What is expected - The copy has to match the data exactly and leave out every picture.

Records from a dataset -
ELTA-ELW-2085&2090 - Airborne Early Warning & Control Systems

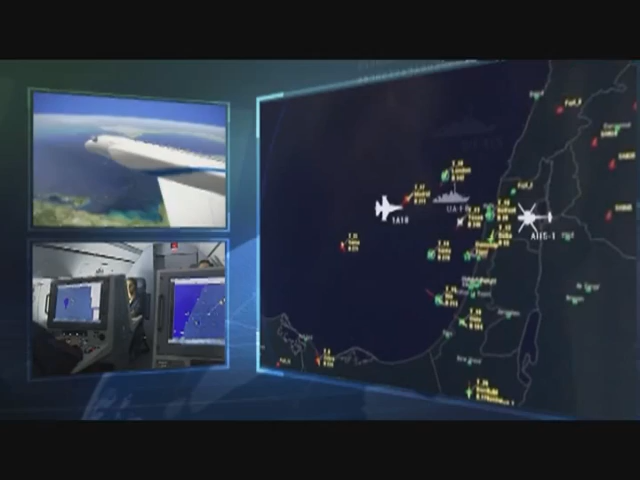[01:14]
the first AEW and C system in the world with ASA radar
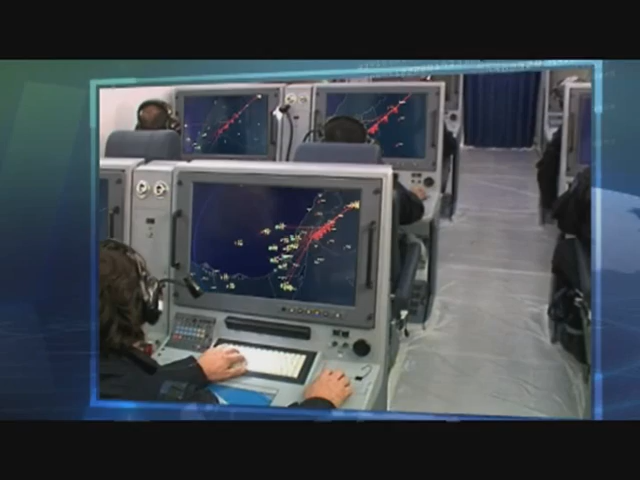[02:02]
advanced technology and a high commonality of hardware and software the
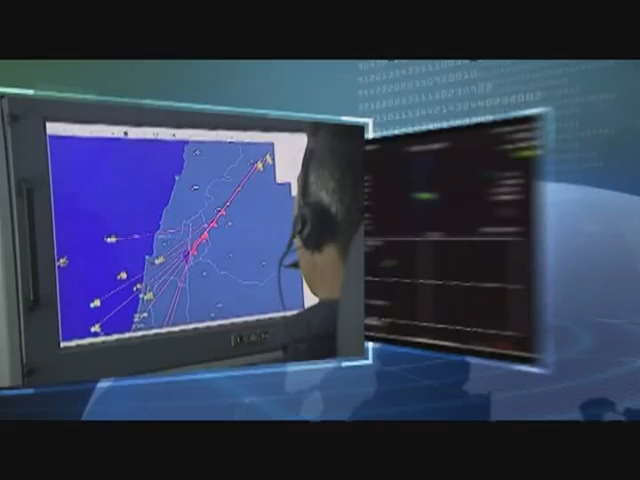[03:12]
ISAR inverse synthetic aperture radar provides classification of naval targets
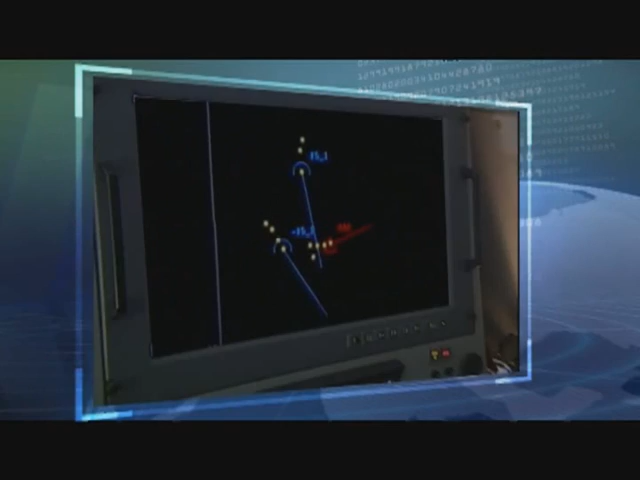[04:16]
AWACS and CAEW operate as full capability commanded control centers targets detected by the on-board sensors are integrated with external
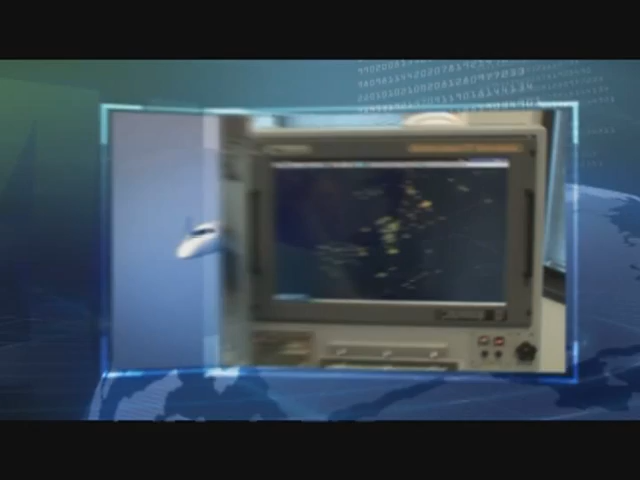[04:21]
reports received via data link to create a coherent reliable and complete situation awareness picture

Task answer -
ELTA-ELW-2085&2090 - Airborne Early Warning & Control Systems

[01:14]
the first AEW and C system in the world with ASA radar
[02:02]
advanced technology and a high commonality of hardware and software the
[03:12]
ISAR inverse synthetic aperture radar provides classification of naval targets
[04:16]
AWACS and CAEW operate as full capability commanded control centers targets detected by the on-board sensors are integrated with external
[04:21]
reports received via data link to create a coherent reliable and complete situation awareness picture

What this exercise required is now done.